Are the hospital ethics committees necessary in Poland?
*Marek Czarkowski1, 2
1Department of Internal Diseases and Endocrinology, Warsaw Medical University
2Centre of Bioethics, Supreme Medical Council, Warsaw
The role, and even the necessity of hospital ethics committees, is not universally agreed upon. In the 2005, the UNESCO advised the establishment of four types of bioethics committees at different levels: policy-making and/or advisory bioethics committees/ commissions/councils at national levels (PMAs), health-professional association (HPAs) bioethics committees, health care/hospital ethics committees (HECs), and research ethics committees (RECs). Until recently in Poland, only RECs existed. The article discusses the necessity of establishing HECs nationwide. So far, only two bodies of this kind exist in two large, academic paediatric hospitals. In some other academic centers, institutional RECs try to act as HECs, but it is only a temporary solution. A nationwide discussion, and formal establishment of HECs will be necessary.
The guidelines issued by UNESCO in 2005 recommended to establish four types of bioethics committees [1]:
- policy-making and /or advisory bioethics committees
- health professional association bioethics committees
- hospital ethics committees (HEC)
- bioethics committees for experimental research.
At present, there are only two research bioethics committees in Poland established pursuant to the Health Professions Act and the directive of the Minister of Health [2, 3]. Hence, the question arises whether it is necessary to extend the Polish system of ethics committees with HECs.
THE TASKS OF HECS IN THE LIGHT OF INTERNATIONAL DOCUMENTS
According to the UNESCO guidelines, the tasks of HECs include:
- protection of patients` rights to decide about themselves and protection of their well-being,
- protection against legal responsibility of an institution which appointed HEC [1].
The first task is to guarantee the patients the right to consent to the treatment suggested or otherwise. As far as individuals with legal and actual competence are concerned, in the vast majority of cases no help of the HEC is needed to follow this rule. However, an increasingly high number of similar cases concern patients who are unconscious and unable to make legally bound decisions. In such cases, HECs are advisors and may substantiate the decisions made by institutions providing a patient with care to settle the conflicts between the rules of medical management and law regulations or between the will and wishes of a patient and claims of other parties, e.g. family members.
The Israel regulations concerning HEC tasks are different.

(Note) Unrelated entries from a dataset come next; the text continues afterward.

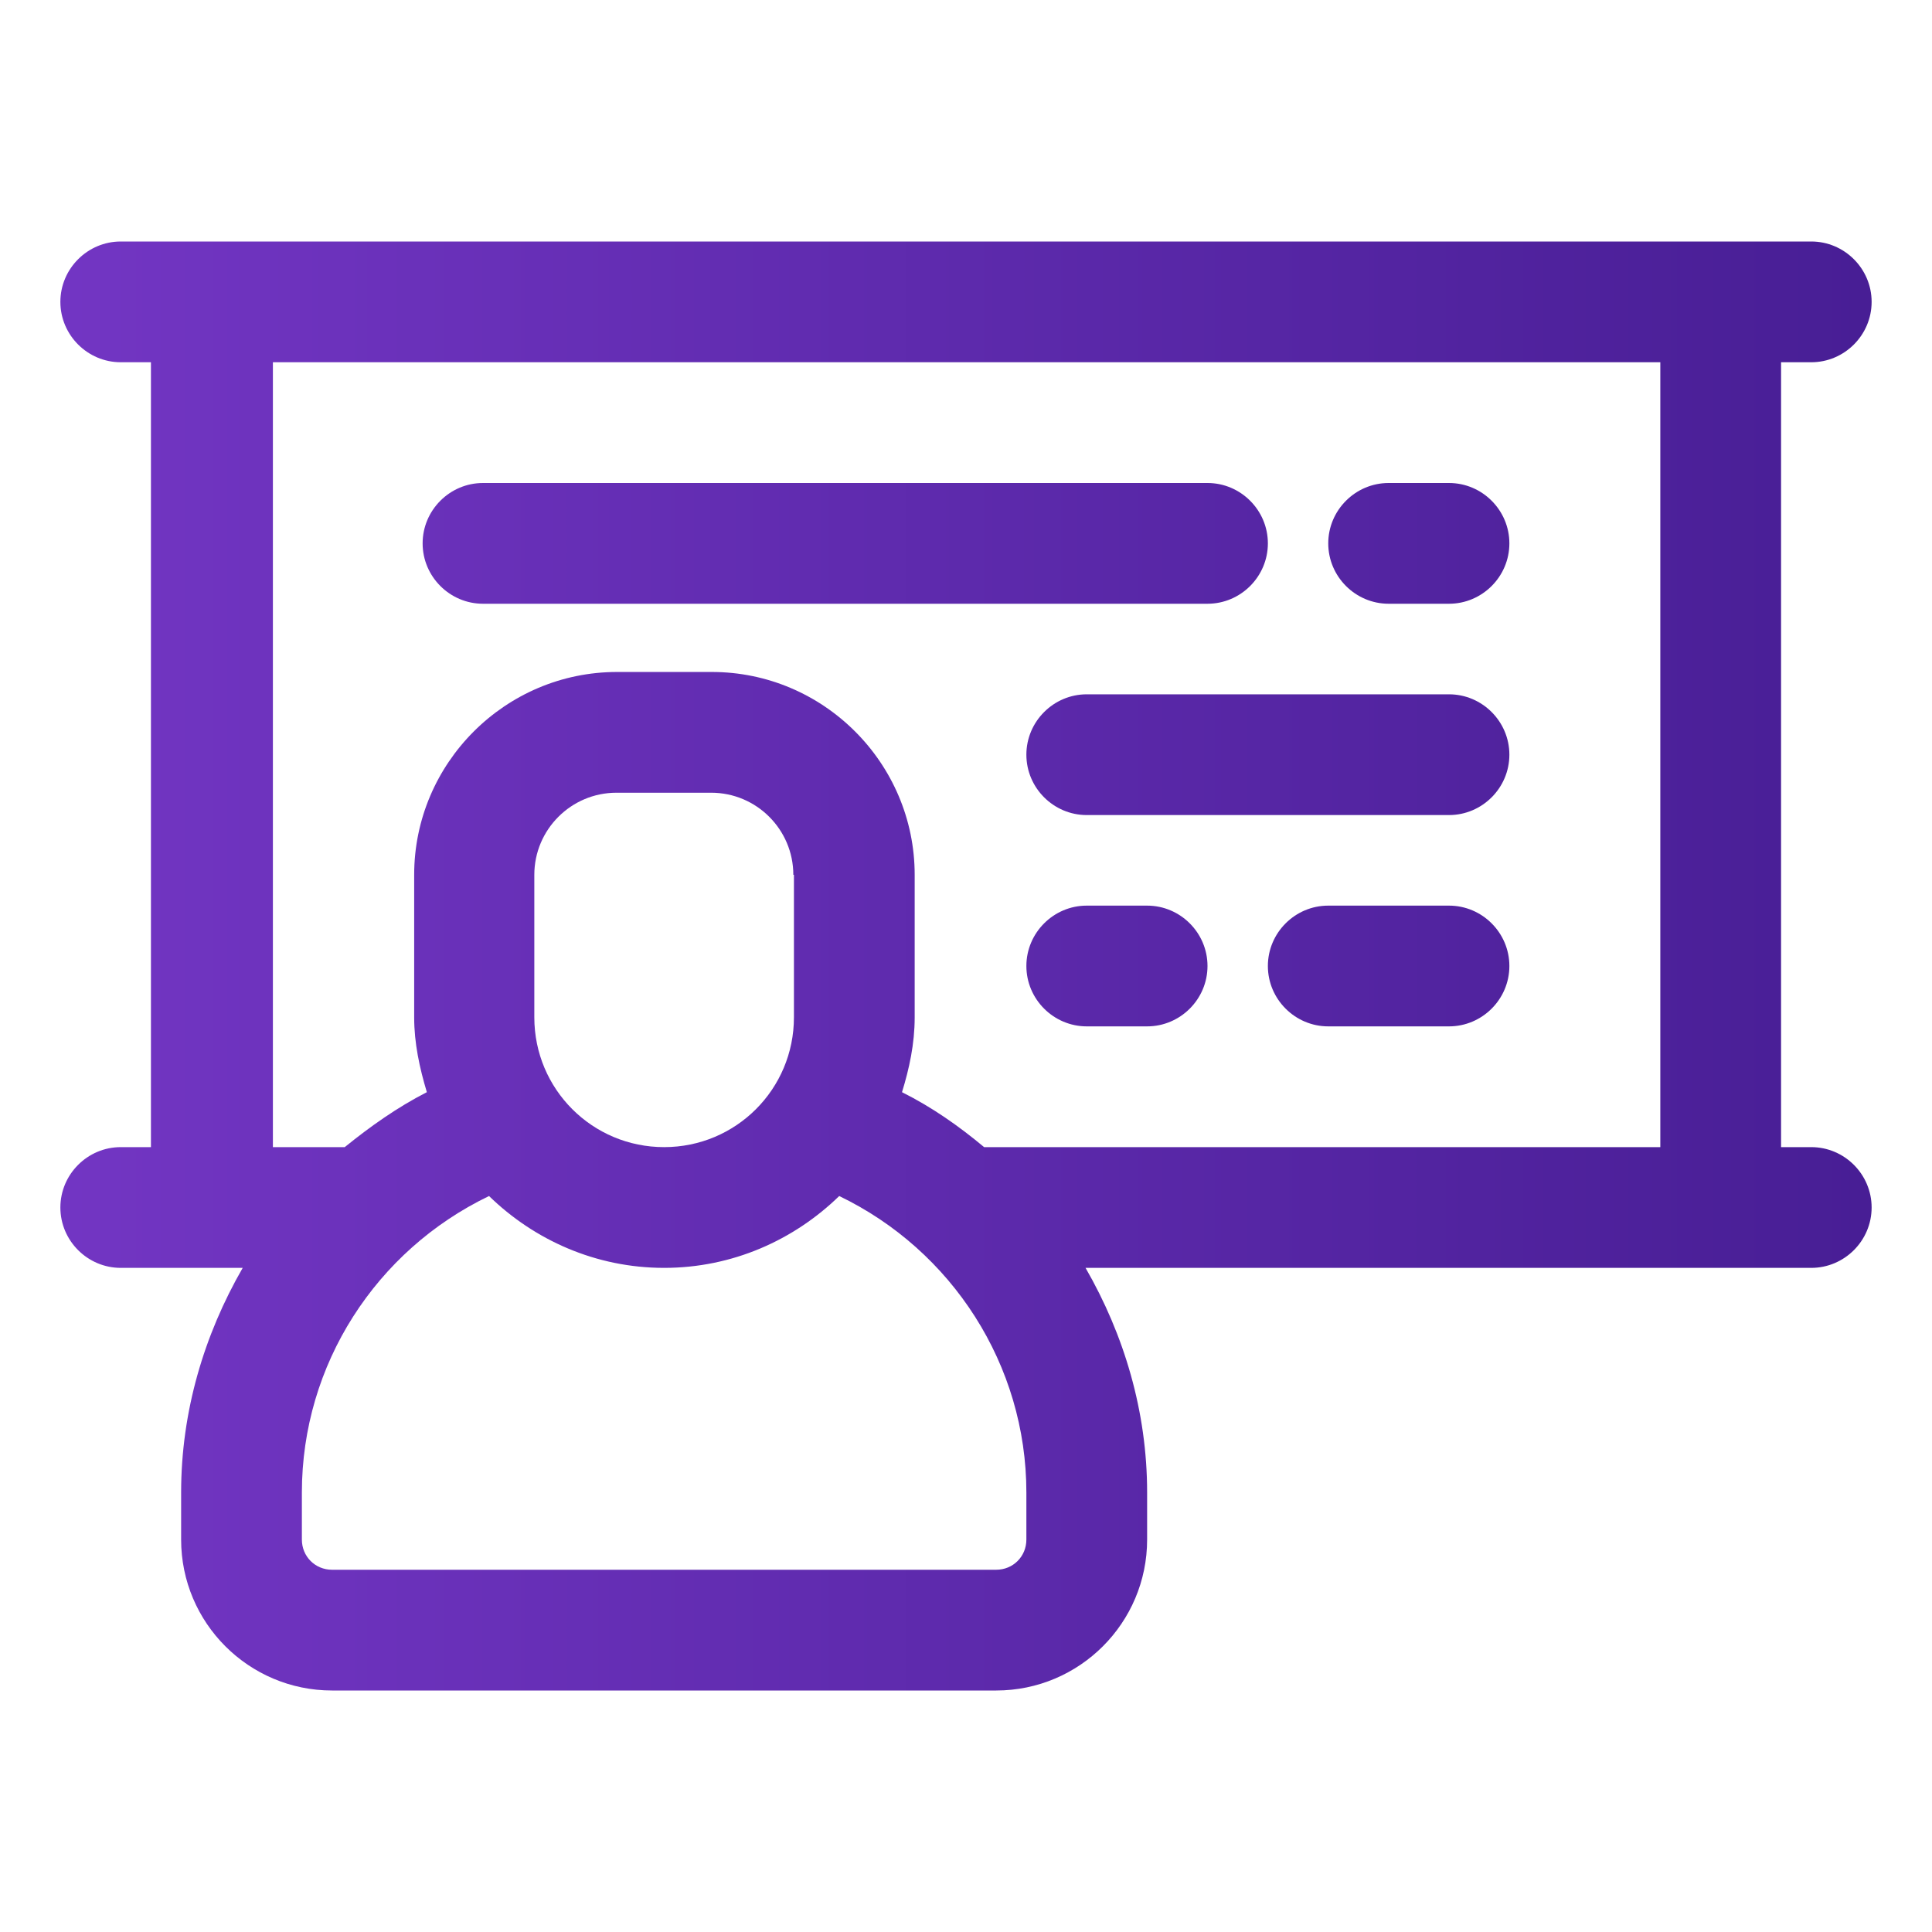 <?xml version="1.0" encoding="UTF-8"?>
<svg id="OBJECT" xmlns="http://www.w3.org/2000/svg" xmlns:xlink="http://www.w3.org/1999/xlink" viewBox="0 0 32 32">
  <defs>
    <style>
      .cls-1 {
        fill: url(#New_Gradient_Swatch-6);
      }

      .cls-1, .cls-2, .cls-3, .cls-4, .cls-5, .cls-6 {
        stroke-width: 0px;
      }

      .cls-2 {
        fill: url(#New_Gradient_Swatch-4);
      }

      .cls-3 {
        fill: url(#New_Gradient_Swatch-5);
      }

      .cls-4 {
        fill: url(#New_Gradient_Swatch-2);
      }

      .cls-5 {
        fill: url(#New_Gradient_Swatch-3);
      }

      .cls-6 {
        fill: url(#New_Gradient_Swatch);
      }
    </style>
    <linearGradient id="New_Gradient_Swatch" data-name="New Gradient Swatch" x1="-2.22" y1="12.5" x2="32.25" y2="12.5" gradientUnits="userSpaceOnUse">
      <stop offset="0" stop-color="#7738c8"/>
      <stop offset="1" stop-color="#461d93"/>
    </linearGradient>
    <linearGradient id="New_Gradient_Swatch-2" data-name="New Gradient Swatch" y1="9" x2="32.25" y2="9" xlink:href="#New_Gradient_Swatch"/>
    <linearGradient id="New_Gradient_Swatch-3" data-name="New Gradient Swatch" y1="9" x2="32.25" y2="9" xlink:href="#New_Gradient_Swatch"/>
    <linearGradient id="New_Gradient_Swatch-4" data-name="New Gradient Swatch" y1="16" x2="32.25" y2="16" xlink:href="#New_Gradient_Swatch"/>
    <linearGradient id="New_Gradient_Swatch-5" data-name="New Gradient Swatch" y1="16" y2="16" xlink:href="#New_Gradient_Swatch"/>
    <linearGradient id="New_Gradient_Swatch-6" data-name="New Gradient Swatch" y1="16" x2="32.25" y2="16" xlink:href="#New_Gradient_Swatch"/>
  </defs>
  <path class="cls-6" d="m24,11.5h-6c-.55,0-1,.45-1,1s.45,1,1,1h6c.55,0,1-.45,1-1s-.45-1-1-1Z"/>
  <path class="cls-4" d="m8,10h12c.55,0,1-.45,1-1s-.45-1-1-1h-12c-.55,0-1,.45-1,1s.45,1,1,1Z"/>
  <path class="cls-5" d="m23,10h1c.55,0,1-.45,1-1s-.45-1-1-1h-1c-.55,0-1,.45-1,1s.45,1,1,1Z"/>
  <path class="cls-2" d="m19,15h-1c-.55,0-1,.45-1,1s.45,1,1,1h1c.55,0,1-.45,1-1s-.45-1-1-1Z"/>
  <path class="cls-3" d="m24,15h-2c-.55,0-1,.45-1,1s.45,1,1,1h2c.55,0,1-.45,1-1s-.45-1-1-1Z"/>
  <path class="cls-1" d="m30,19h-.5V6h.5c.55,0,1-.45,1-1s-.45-1-1-1H2c-.55,0-1,.45-1,1s.45,1,1,1h.5v13h-.5c-.55,0-1,.45-1,1s.45,1,1,1h2.02c-.64,1.11-1.02,2.38-1.02,3.72v.78c0,1.38,1.12,2.5,2.5,2.5h11c1.38,0,2.5-1.12,2.5-2.5v-.78c0-1.34-.38-2.61-1.02-3.72h12.02c.55,0,1-.45,1-1s-.45-1-1-1ZM4.5,6h23v13h-11.2c-.42-.35-.86-.66-1.36-.91.12-.39.21-.8.21-1.24v-2.36c0-1.85-1.51-3.36-3.36-3.36h-1.57c-1.85,0-3.36,1.51-3.36,3.36v2.36c0,.43.09.84.21,1.24-.49.25-.94.57-1.36.91,0,0,0,0,0,0h-1.19V6Zm8.65,8.49v2.36c0,1.19-.96,2.15-2.15,2.15s-2.15-.96-2.15-2.15v-2.36c0-.75.61-1.36,1.36-1.36h1.57c.75,0,1.36.61,1.36,1.36Zm3.85,11.01c0,.28-.22.5-.5.5H5.5c-.28,0-.5-.22-.5-.5v-.78c0-2.12,1.23-4.01,3.1-4.91.75.73,1.77,1.19,2.9,1.19s2.15-.46,2.9-1.19c1.87.9,3.1,2.8,3.1,4.91v.78Z"/>
</svg>

The Regulation on Patient Rights issued in 1996 defines four key tasks of HECs [4]:
- confirmation of need to treat patients against their will in life-threatening situations if HEC recognizes that:
◉ the patient was earlier adequately informed about the health condition and the need of treatment,
◉ the treatment proposed will substantially improve the patient`s status,
◉ there are grounds to suppose that after treatment the patient will be inclined to accept the management undertaken;
- they allow to withhold the information, which should be revealed during the procedure of conscious consent to treatment if HEC recognizes that the disclosure of information might seriously harm the physical or mental health of the patient,
- they allow to reveal the medical information against the patient`s will to protect public health or health of other people,
- they allow the access to medical records to carry out the inspection, including evaluation of the quality of work of an institution taking care of the patient.
Analysis of the regulations cited indicates that the tasks of HECs in Israel are defined in a quite detailed way and that subjects of HEC tasks are mainly patients with legal and actual competence.

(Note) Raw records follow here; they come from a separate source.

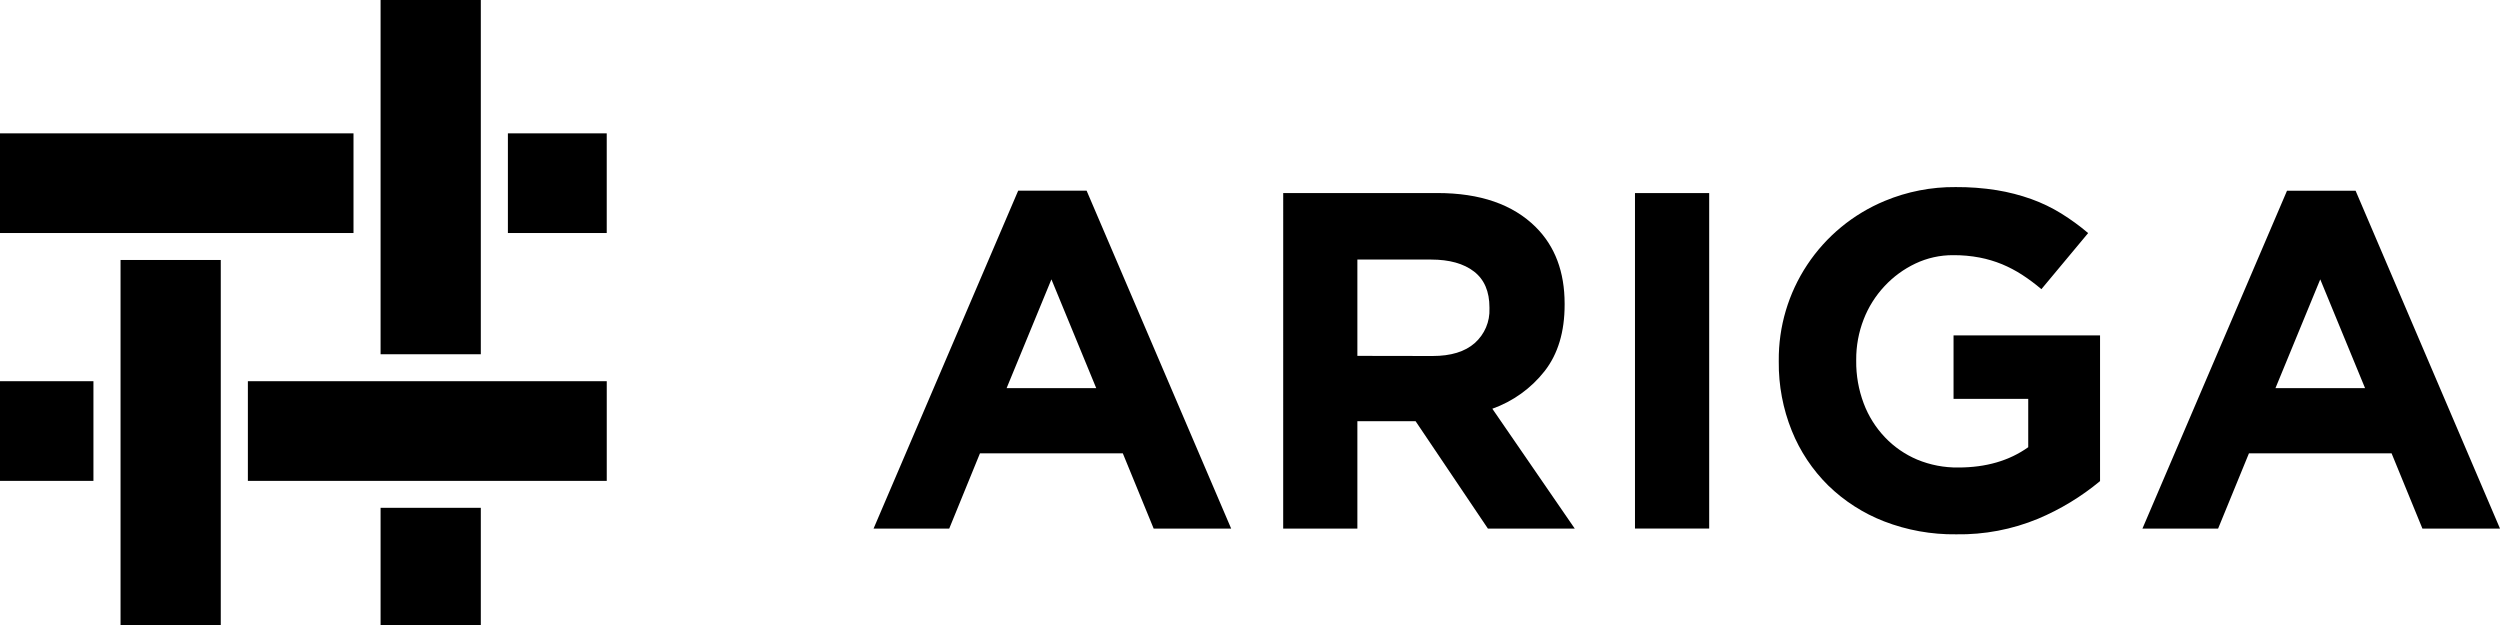 <svg width="120" height="30" viewBox="0 0 120 30" fill="none" xmlns="http://www.w3.org/2000/svg">
<g clip-path="url(#clip0_4_1685)">
<path d="M24.379 11.185H29.123V6.401H24.379V11.185Z" fill="black"/>
<path d="M0 23.082H4.485V18.298H0V23.082Z" fill="black"/>
<path d="M5.786 30H10.597V12.479H5.786V30Z" fill="black"/>
<path d="M18.268 30H23.079V24.375H18.268V30V30Z" fill="black"/>
<path d="M0 11.185H16.968V6.401H0V11.185Z" fill="black"/>
<path d="M18.268 17.004H23.079V0H18.268V17.004Z" fill="black"/>
<path d="M11.898 23.082H29.124V18.298H11.898V23.082Z" fill="black"/>
<path d="M52.619 18.631L50.468 13.409L48.317 18.631H52.619ZM48.873 9.152H52.157L59.096 25.372H55.376L53.895 21.76H47.038L45.563 25.372H41.931L48.873 9.152Z" fill="black"/>
<path d="M68.764 17.088C69.644 17.088 70.319 16.881 70.789 16.467C71.022 16.259 71.207 16.003 71.329 15.716C71.451 15.43 71.507 15.119 71.494 14.808V14.759C71.494 13.991 71.247 13.416 70.754 13.034C70.26 12.652 69.574 12.46 68.694 12.459H65.154V17.082L68.764 17.088ZM61.594 9.266H68.996C71.047 9.266 72.62 9.811 73.715 10.9C74.64 11.82 75.102 13.047 75.102 14.581V14.628C75.102 15.931 74.782 16.993 74.142 17.813C73.494 18.639 72.624 19.265 71.632 19.619L75.588 25.372H71.419L67.949 20.219H65.154V25.372H61.593L61.594 9.266Z" fill="black"/>
<path d="M78.479 25.37H82.041V9.268H78.479V25.37Z" fill="black"/>
<path d="M93.894 25.647C92.711 25.662 91.537 25.451 90.435 25.025C89.433 24.636 88.521 24.049 87.752 23.301C86.997 22.554 86.403 21.662 86.007 20.679C85.582 19.625 85.369 18.498 85.381 17.362V17.316C85.366 15.678 85.842 14.074 86.749 12.707C87.655 11.34 88.951 10.274 90.47 9.643C91.547 9.195 92.703 8.969 93.87 8.98C94.532 8.975 95.194 9.025 95.848 9.129C96.411 9.221 96.965 9.364 97.502 9.555C98.003 9.735 98.483 9.966 98.936 10.245C99.391 10.527 99.824 10.842 100.231 11.188L97.987 13.88C97.694 13.631 97.385 13.4 97.062 13.19C96.757 12.993 96.436 12.824 96.101 12.684C95.754 12.542 95.394 12.434 95.026 12.363C94.606 12.283 94.18 12.245 93.754 12.248C93.125 12.244 92.504 12.382 91.938 12.651C91.38 12.916 90.877 13.284 90.457 13.736C90.025 14.198 89.685 14.737 89.457 15.326C89.215 15.947 89.093 16.608 89.098 17.274V17.321C89.09 18.017 89.212 18.709 89.457 19.362C89.683 19.966 90.029 20.518 90.474 20.987C90.91 21.447 91.438 21.812 92.023 22.06C92.649 22.32 93.322 22.449 94 22.44C95.326 22.44 96.445 22.115 97.355 21.466V19.145H93.77V16.1H100.802V23.093C99.906 23.838 98.904 24.446 97.829 24.899C96.583 25.416 95.243 25.67 93.894 25.647" fill="black"/>
<path d="M113.523 18.631L111.372 13.409L109.222 18.631H113.523ZM109.777 9.154H113.068L120 25.372H116.276L114.796 21.76H107.949L106.469 25.372H102.837L109.777 9.154Z" fill="black"/>
</g>
<defs>
<clipPath id="clip0_4_1685">
<rect width="120" height="30" fill="white"/>
</clipPath>
</defs>
</svg>

The USA is the country with the longest HEC experience. For this reason, the American tasks of HECs are extremely broad. According to the Ethics Manual published by the American College of Physicians, HECs:
- contribute to the achievement of therapeutic goals by helping to solve conflicts in honest and comprehensive discussions carried out in the atmosphere of due respect,
- help the institutions to shape the policy and practical actions in accordance with the highest ethical standards,
- facilitate the individuals to solve current and future moral dilemmas through education in the filed of medical ethics [5].
In the USA, the practice shows that some HECs are also involved in the settlement of financial litigations [6].
In Great Britain, HECs deal with [7]:
- preparation of the local recommendations for an institution appointing the committee based on national and professional codes and guidelines,
- ethical education for physicians and other medical professionals employed in a given institution,
- ethical consultancy in individual clinical cases if requested by a physician.
Not all British HECs carry out the full range of duties. Ethical consultancy concerns, among other things, the autonomy of patients unable to give their consent, violation of confidentiality of data, conflicts within the medical team concerning the optimal therapy, “health tourism”, withholding resuscitation or patient`s refusal to be treated [7].
PATIENTS’ RIGHTS AND TASKS OF POLISH HECS
The Act on Patients’ Rights and the Ombudsman of Patients’ Rights amended in 2009 lists the following rights of a patient to: [8]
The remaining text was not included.